Les entreprises du secteur de la finition sont souvent équipées pour assurer le façonnage d'une catégorie bien déterminée de produits. Un des plus importants marchés est celui des publications périodiques, dont le nombre de pages et les chiffres de tirage impliquent la mise en œuvre de matériels très performants ; ces chaînes de production assurent l'encartage et la fixation des cahiers soit par des piqûres métalliques, soit par collage, pour les cahiers assemblés. Les livres brochés sont traités en continu sur des lignes de production très proches de celles des périodiques et avec un rendement de 5 000 livres par heure ; la fixation des cahiers assemblés s'effectue généralement par encollage du dos et pose de la couverture. En reliure industrielle, la fabrication est assurée séparément ; les cahiers assemblés peuvent être cousus, ce qui assure une garantie de solidité. Ils reçoivent ensuite une couverture cartonnée qui peut être recouverte de papier, de toile ou de matière plastique de différents aspects. Pour les livres d'usage plus courant, on utilise la technique des feuillets collés.
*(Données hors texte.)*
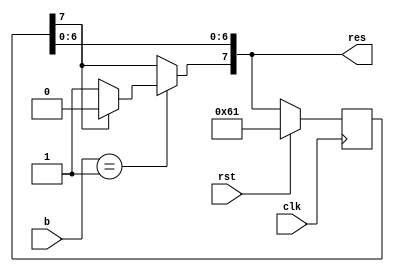
/*
   This file was generated automatically by Alchitry Labs version 1.2.7.
   Do not edit this file directly. Instead edit the original Lucid source.
   This is a temporary file and any changes made to it will be destroyed.
*/

module player_move_8 (
    input [7:0] b,
    input clk,
    input rst,
    output reg [7:0] res
  );
  
  
  
  reg [4:0] x;
  reg [2:0] y;
  
  reg [7:0] player_position;
  
  reg [7:0] player_move;
  
  reg [7:0] new_position;
  
  reg [7:0] M_player_position_dff_d, M_player_position_dff_q = 8'h61;
  
  always @* begin
    M_player_position_dff_d = M_player_position_dff_q;
    
    player_move = b;
    player_position = M_player_position_dff_q;
    new_position = M_player_position_dff_q;
    x = player_position[0+4-:5];
    y = player_position[5+2-:3];
    if (b == 1'h1) begin
      if (y[2+0-:1] == 1'h0) begin
        new_position[7+0-:1] = 1'h1;
      end else begin
        new_position[7+0-:1] = 1'h0;
      end
    end else begin
      new_position[7+0-:1] = M_player_position_dff_q[7+0-:1];
    end
    res = new_position;
    M_player_position_dff_d = new_position;
  end
  
  always @(posedge clk) begin
    if (rst == 1'b1) begin
      M_player_position_dff_q <= 8'h61;
    end else begin
      M_player_position_dff_q <= M_player_position_dff_d;
    end
  end
  
endmodule
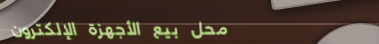
محل بيع الأجهزة الإلكترون
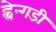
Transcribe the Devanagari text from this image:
ह्वेन्गडी
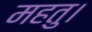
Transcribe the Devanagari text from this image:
महतु।

Les produits destinés au secteur de l'emballage sont très diversifiés et nécessitent des opérations de vernissage, de pelliculage, de découpe, de collage… Pour les emballages de luxe, on peut avoir recours aux techniques de gaufrage et de dorure.

L'avenir

L'apparition des disques optiques réinscriptibles, avec leur immense capacité de stockage d'informations, semble annoncer le développement des systèmes de consultation électroniques. Ce mode d'édition favorise la diffusion de tous les produits présentant une forte densité d'informations donnant lieu régulièrement à leur mise à jour par un traitement informatique. Mais les informations traitées, stockées et consultées à domicile sur des écrans ne permettent pas une lecture globale, suivie, prolongée et ne répondent pas toujours à la nécessité de conserver une trace mise en pages des données, encore moins à celle de les multiplier. Par ailleurs, on a constaté que le message oral, le message-écran, le message animé des médias audiovisuels sont parfois difficilement assimilables de la même façon par tous et que seul l'imprimé permet le temps de réflexion adapté au rythme de chacun.
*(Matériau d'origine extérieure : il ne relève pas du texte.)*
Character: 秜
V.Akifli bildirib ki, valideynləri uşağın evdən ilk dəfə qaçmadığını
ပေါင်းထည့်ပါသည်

Les industries graphiques vont continuer à bénéficier des retombées de l'évolution générale des technologies : composants électroniques, développement de logiciels et de leurs compatibilités, capacités de stockage des données à gérer, resserrement des opérations de pré-presse, automatisation accrue des unités de production. Des maillons de la chaîne vont se déplacer, notamment ceux propres à certaines opérations de pré-presse. Les entreprises des industries graphiques devront s'ouvrir encore plus aux techniques de la micro-édition.